The tract to which plaintiff claims ownership in fee simple and to be in possession of, is described in the complaint. It is located in the Town of Madison and consists of forty-nine acres of land, more or less. The title to this tract came to the plaintiff by warranty deed dated November 25, 1918, the grantor therein receiving title by warranty deed of the same date from the named defendant whose title came by certificate of devise, issued by the Probate Court of the District of Madison under date of September 23, 1911, in which court the Estate of J. Sherman Buell, who was the father of Ralph J. Buell, was in settlement.

Of the land above referred to title to only a small area is in question; this area is in the southerly part and is bounded southerly upon Long Island Sound.

The defendant named disclaims any right, title or interest in the area in question. The defendant Gertrude Frances Decker claims title by virtue of a warranty deed from the defendant Ralph J. Buell, dated January 3, 1933, in which deed the land to which the title in dispute is described as follows:

"A certain piece or parcel of land situated in said Town of Madison and shown on a map of property of Ralph J. Buell, on file in the office of the Town Clerk of said Town of Madison, being bounded as follows: Northerly, by land of the Madison Country Club, 141 feet, more or less; Easterly, by land of Arthur T. Scott, 125 feet more or less; Southerly, by Long Island Sound; Westerly, by land of the Madison County Club, 120 feet, more or less. Together with all rights of way appurtenant to the above described property, including the right of way over the course known as the Old Tota Road."
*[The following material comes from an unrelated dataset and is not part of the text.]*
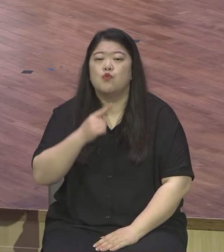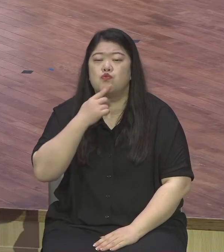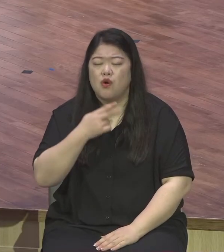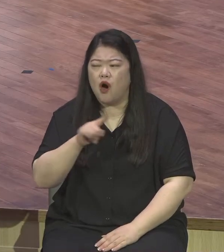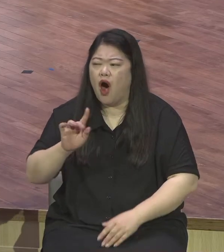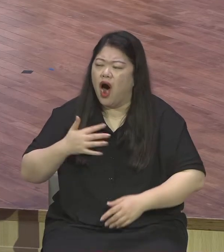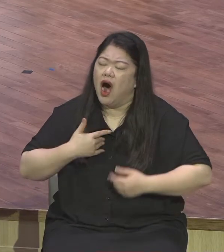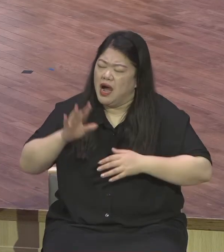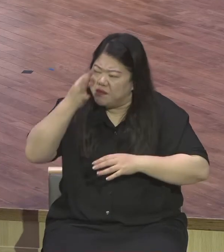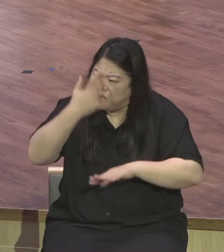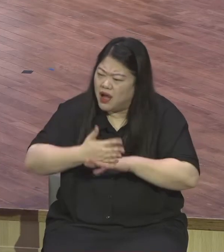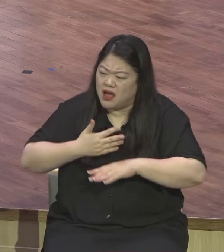그게 뭡니까

The condition which gives cause for this controversy is found in the term "sea beach" used in describing a boundary in the deed to the plaintiff. The same term is used in some of the preceding conveyances of the title.

The plaintiff claims that the term "sea beach" as used in the deed conveying the land to it means mean high water mark of Long Island Sound and that the boundary thus described is the same as the defendant Gertrude Frances Decker claims as her southerly boundary, while the defendants claim that the boundary described as "sea beach" is inland 125 feet more or less from the mean high water mark and is the same boundary as claimed by Gertrude Frances Decker as her northerly boundary.

J. Sherman Buell, the father of both of these defendants, had the title and was in possession of all of the land in question including the small area in controversy from 1888 to the time of his death in 1910, and probably for a period of eighteen or twenty years prior to 1888, and the defendant Ralph J. Buell had the title and was in possession of the same until the time he conveyed to plaintiff's grantor, November 25, 1918.

In 1919, the defendant Buel in his tax list, returned to the assessors for the Town of Madison, included no real estate whatever, and thereafter, until 1931, the land in controversy was not included in any tax list returned by him. In that year he included the land in controversy. It has been included in the lists of the plaintiff and taxed as "shore front property" since plaintiff acquired the land in November, 1918.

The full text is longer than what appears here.